### PROBLEM TO SOLVE
Repeat the data below in full. Pictures must not be part of the copy.

### THE DATA
= Beginning of Section =

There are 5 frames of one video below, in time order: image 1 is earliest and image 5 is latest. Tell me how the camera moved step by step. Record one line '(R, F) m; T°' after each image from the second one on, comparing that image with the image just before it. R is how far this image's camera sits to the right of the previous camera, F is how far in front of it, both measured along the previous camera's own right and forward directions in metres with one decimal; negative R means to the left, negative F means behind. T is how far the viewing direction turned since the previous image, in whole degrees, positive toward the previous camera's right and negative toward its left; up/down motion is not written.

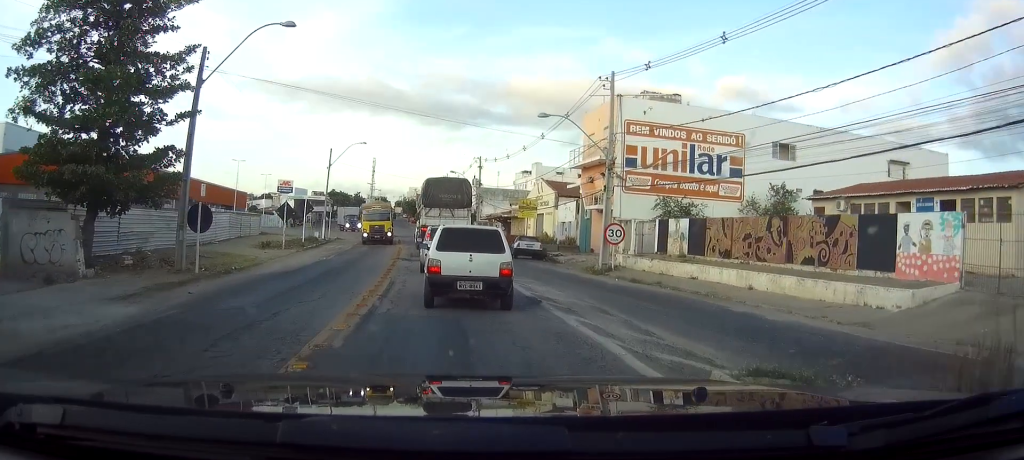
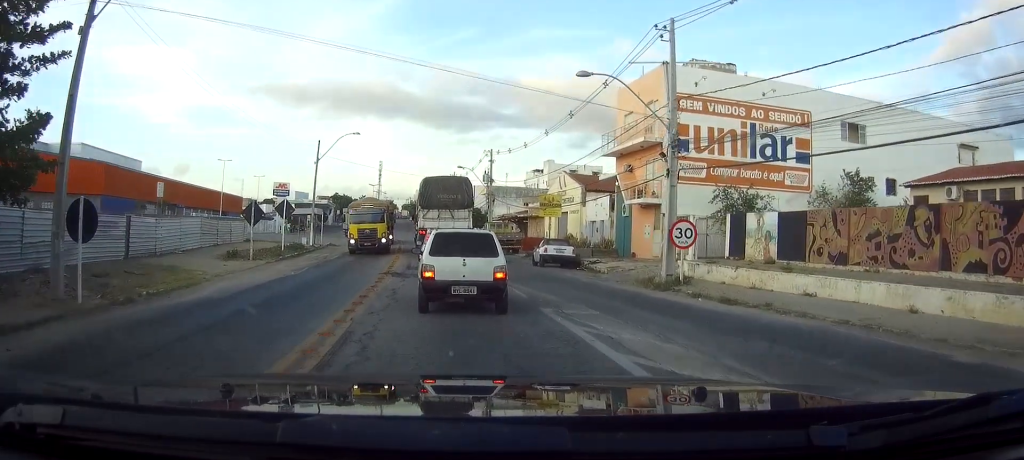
(0.0, +8.3) m; +1°
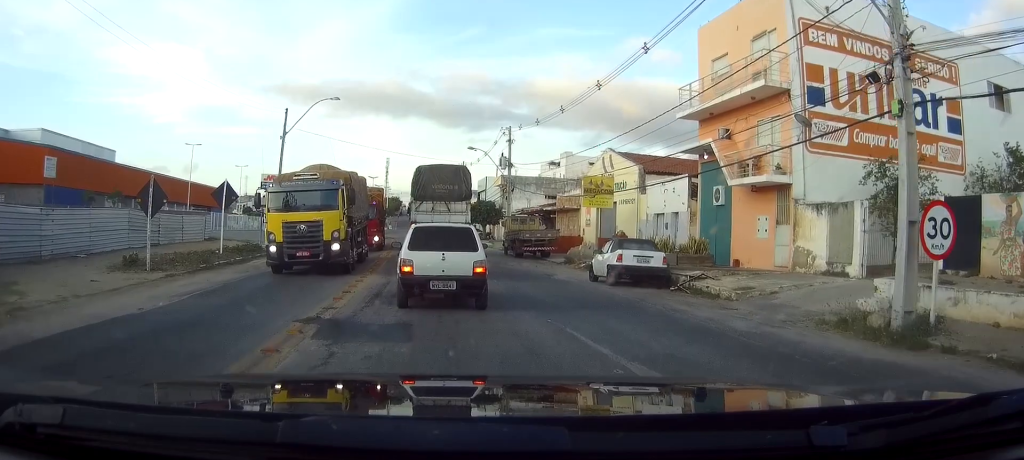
(-0.4, +13.2) m; -5°
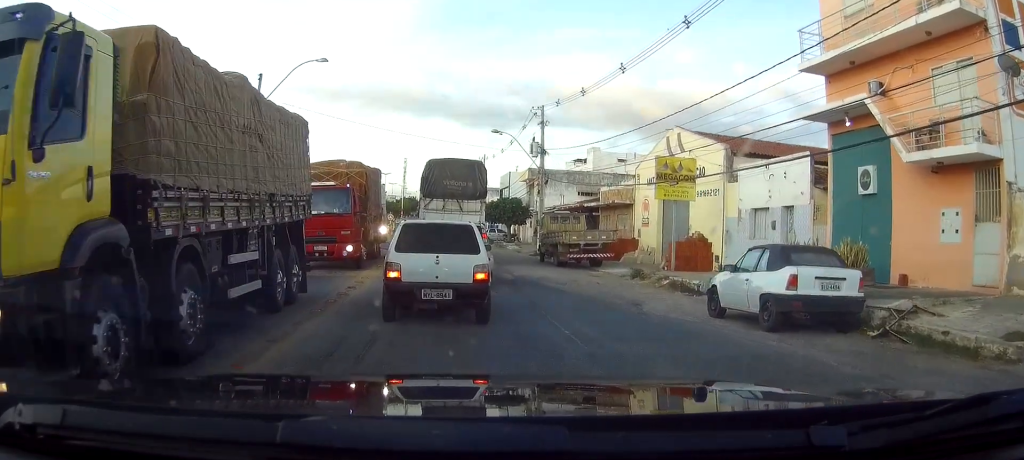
(-0.2, +9.8) m; -1°
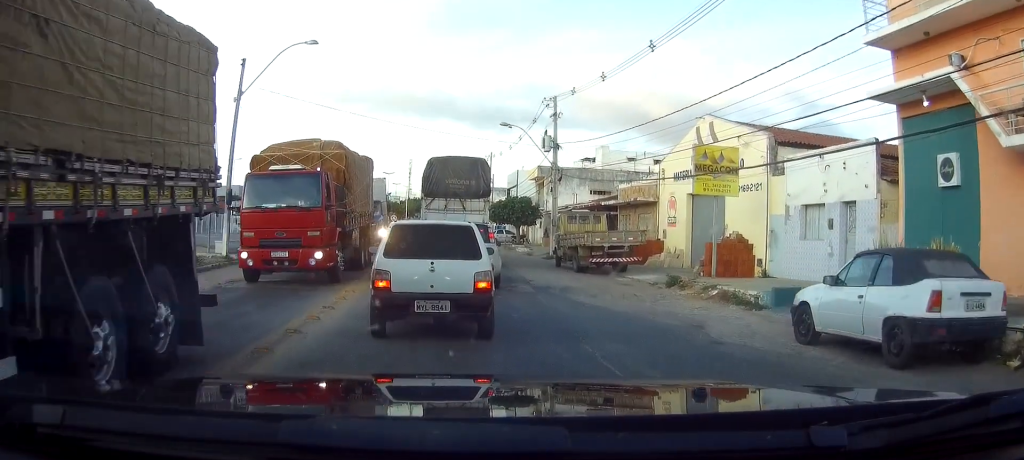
(+0.1, +3.4) m; +2°
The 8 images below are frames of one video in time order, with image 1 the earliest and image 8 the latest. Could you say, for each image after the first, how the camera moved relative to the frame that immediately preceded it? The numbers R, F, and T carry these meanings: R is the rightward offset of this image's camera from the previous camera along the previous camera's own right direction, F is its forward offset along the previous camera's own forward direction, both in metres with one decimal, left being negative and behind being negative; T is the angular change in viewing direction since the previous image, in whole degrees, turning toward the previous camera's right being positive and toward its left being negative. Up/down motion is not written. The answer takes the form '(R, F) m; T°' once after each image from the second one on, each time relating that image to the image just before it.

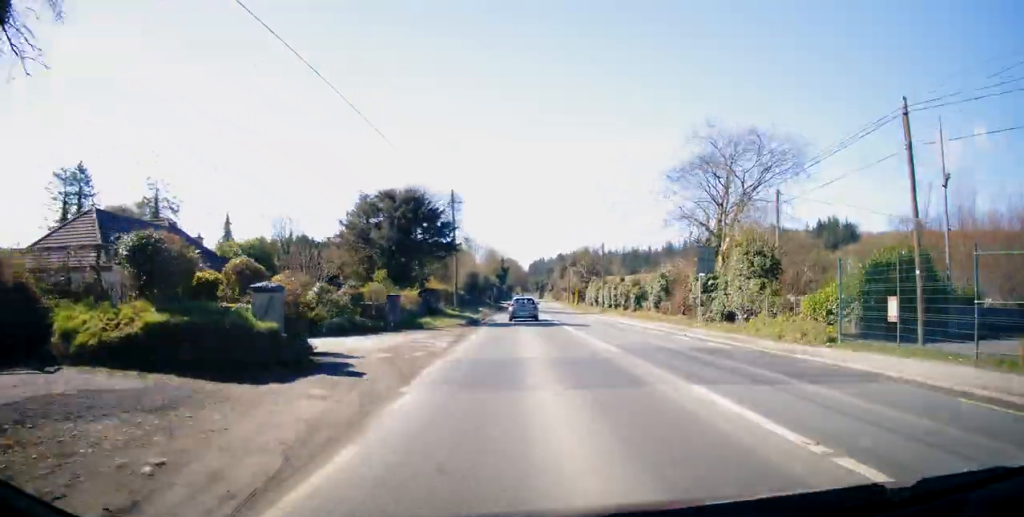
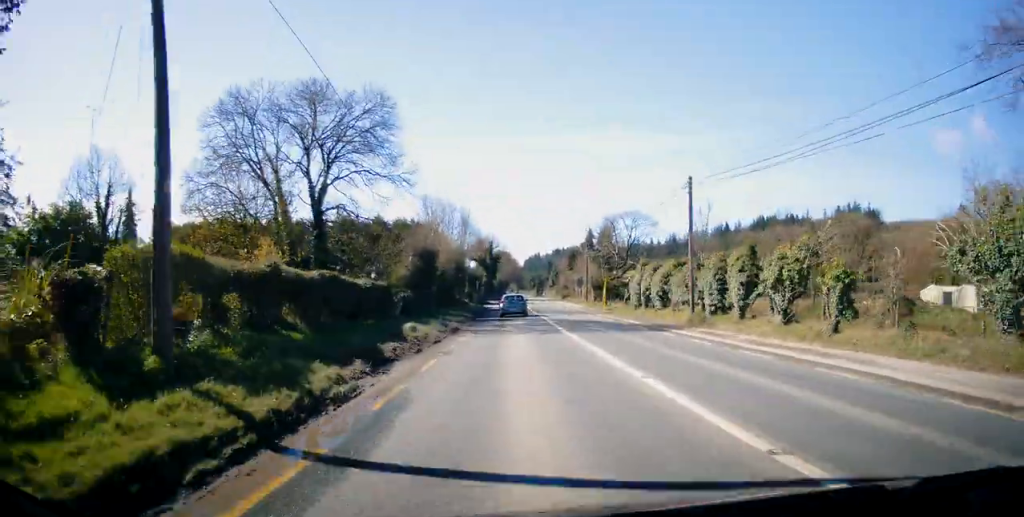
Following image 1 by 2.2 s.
(+0.9, +31.5) m; +2°
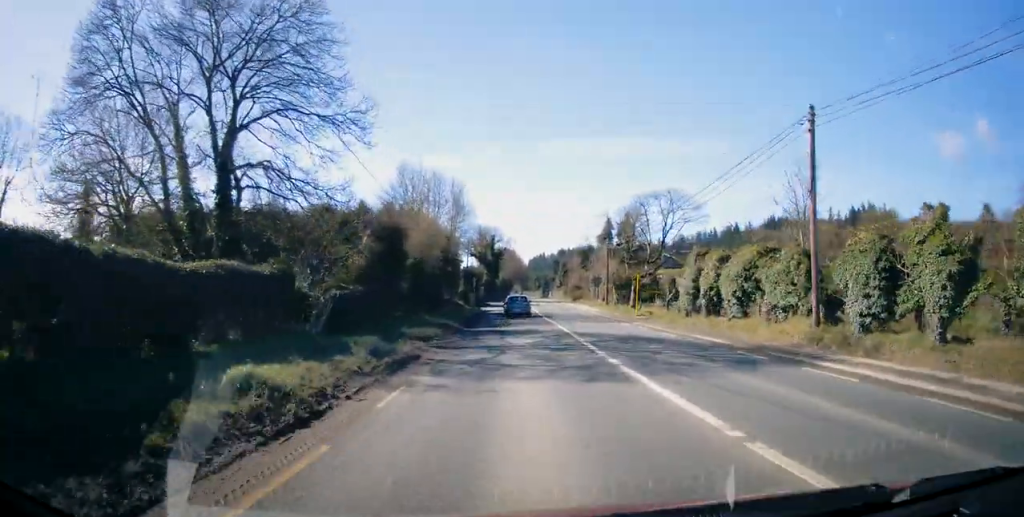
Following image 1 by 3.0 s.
(-0.2, +11.8) m; -1°
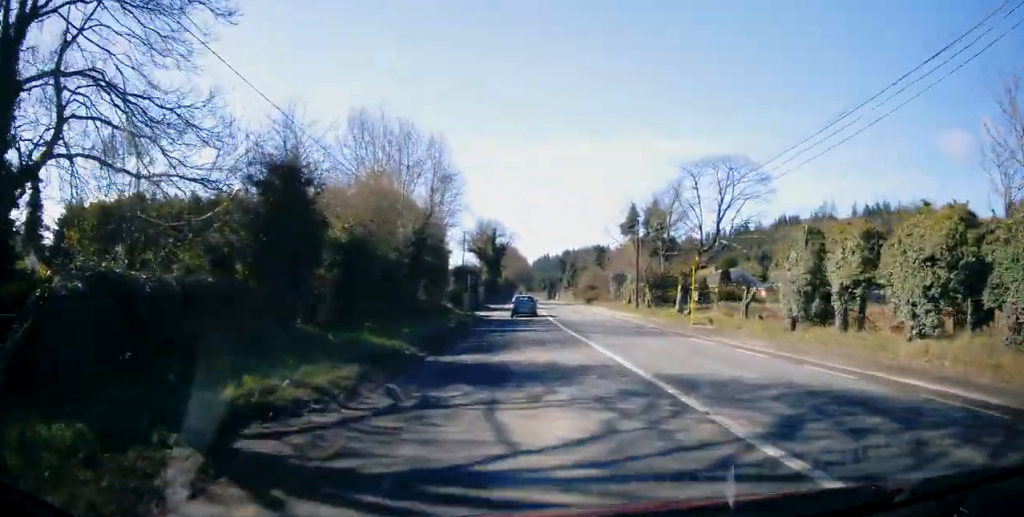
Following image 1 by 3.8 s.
(-0.2, +11.8) m; -1°
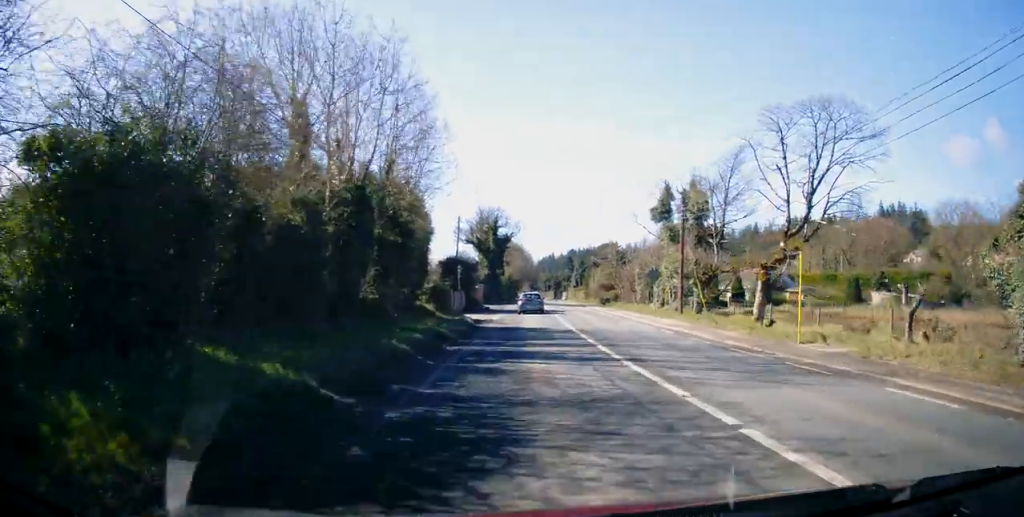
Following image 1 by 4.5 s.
(0.0, +10.7) m; -1°
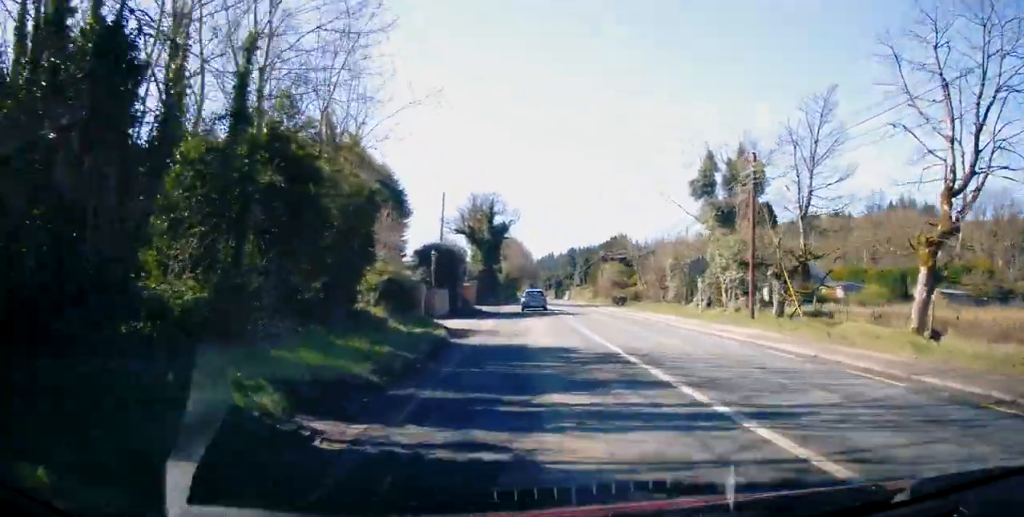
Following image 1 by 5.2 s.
(-0.2, +10.3) m; +1°
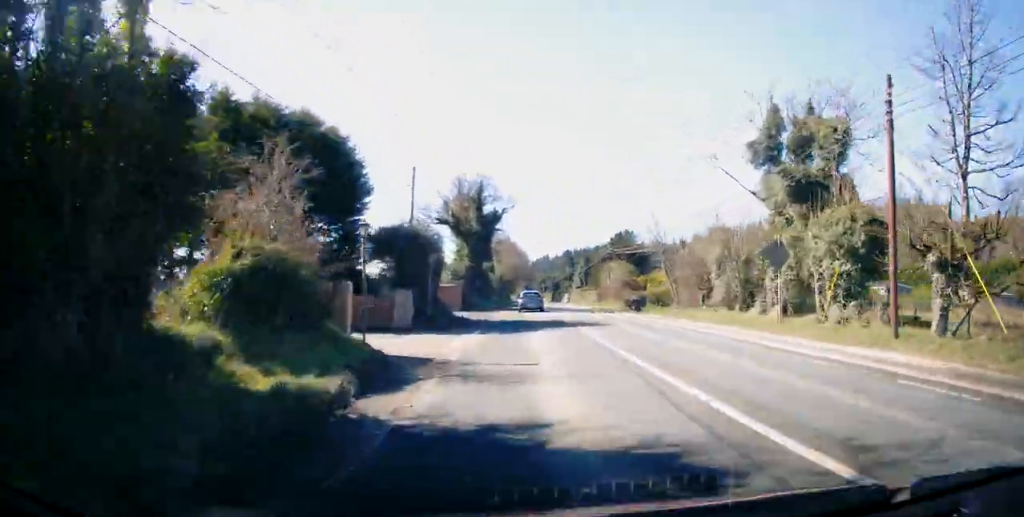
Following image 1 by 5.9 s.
(+0.3, +9.8) m; +1°
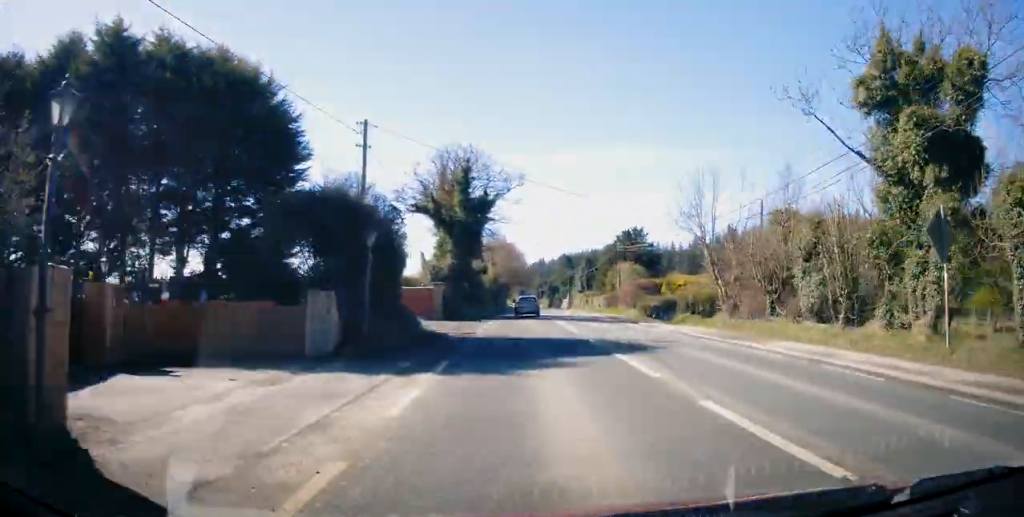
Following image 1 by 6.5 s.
(+0.3, +9.3) m; +1°

= End of Section =

### RESULT FOR THIS TASK
There are 5 frames of one video below, in time order: image 1 is earliest and image 5 is latest. Tell me how the camera moved step by step. Record one line '(R, F) m; T°' after each image from the second one on, comparing that image with the image just before it. R is how far this image's camera sits to the right of the previous camera, F is how far in front of it, both measured along the previous camera's own right and forward directions in metres with one decimal; negative R means to the left, negative F means behind. T is how far the viewing direction turned since the previous image, in whole degrees, positive toward the previous camera's right and negative toward its left; up/down motion is not written.

(0.0, +8.3) m; +1°
(-0.4, +13.2) m; -5°
(-0.2, +9.8) m; -1°
(+0.1, +3.4) m; +2°
The 8 images below are frames of one video in time order, with image 1 the earliest and image 8 the latest. Could you say, for each image after the first, how the camera moved relative to the frame that immediately preceded it? The numbers R, F, and T carry these meanings: R is the rightward offset of this image's camera from the previous camera along the previous camera's own right direction, F is its forward offset along the previous camera's own forward direction, both in metres with one decimal, left being negative and behind being negative; T is the angular change in viewing direction since the previous image, in whole degrees, turning toward the previous camera's right being positive and toward its left being negative. Up/down motion is not written. The answer takes the form '(R, F) m; T°' once after each image from the second one on, each time relating that image to the image just before it.

Following image 1 by 2.2 s.
(+0.9, +31.5) m; +2°
Following image 1 by 3.0 s.
(-0.2, +11.8) m; -1°
Following image 1 by 3.8 s.
(-0.2, +11.8) m; -1°
Following image 1 by 4.5 s.
(0.0, +10.7) m; -1°
Following image 1 by 5.2 s.
(-0.2, +10.3) m; +1°
Following image 1 by 5.9 s.
(+0.3, +9.8) m; +1°
Following image 1 by 6.5 s.
(+0.3, +9.3) m; +1°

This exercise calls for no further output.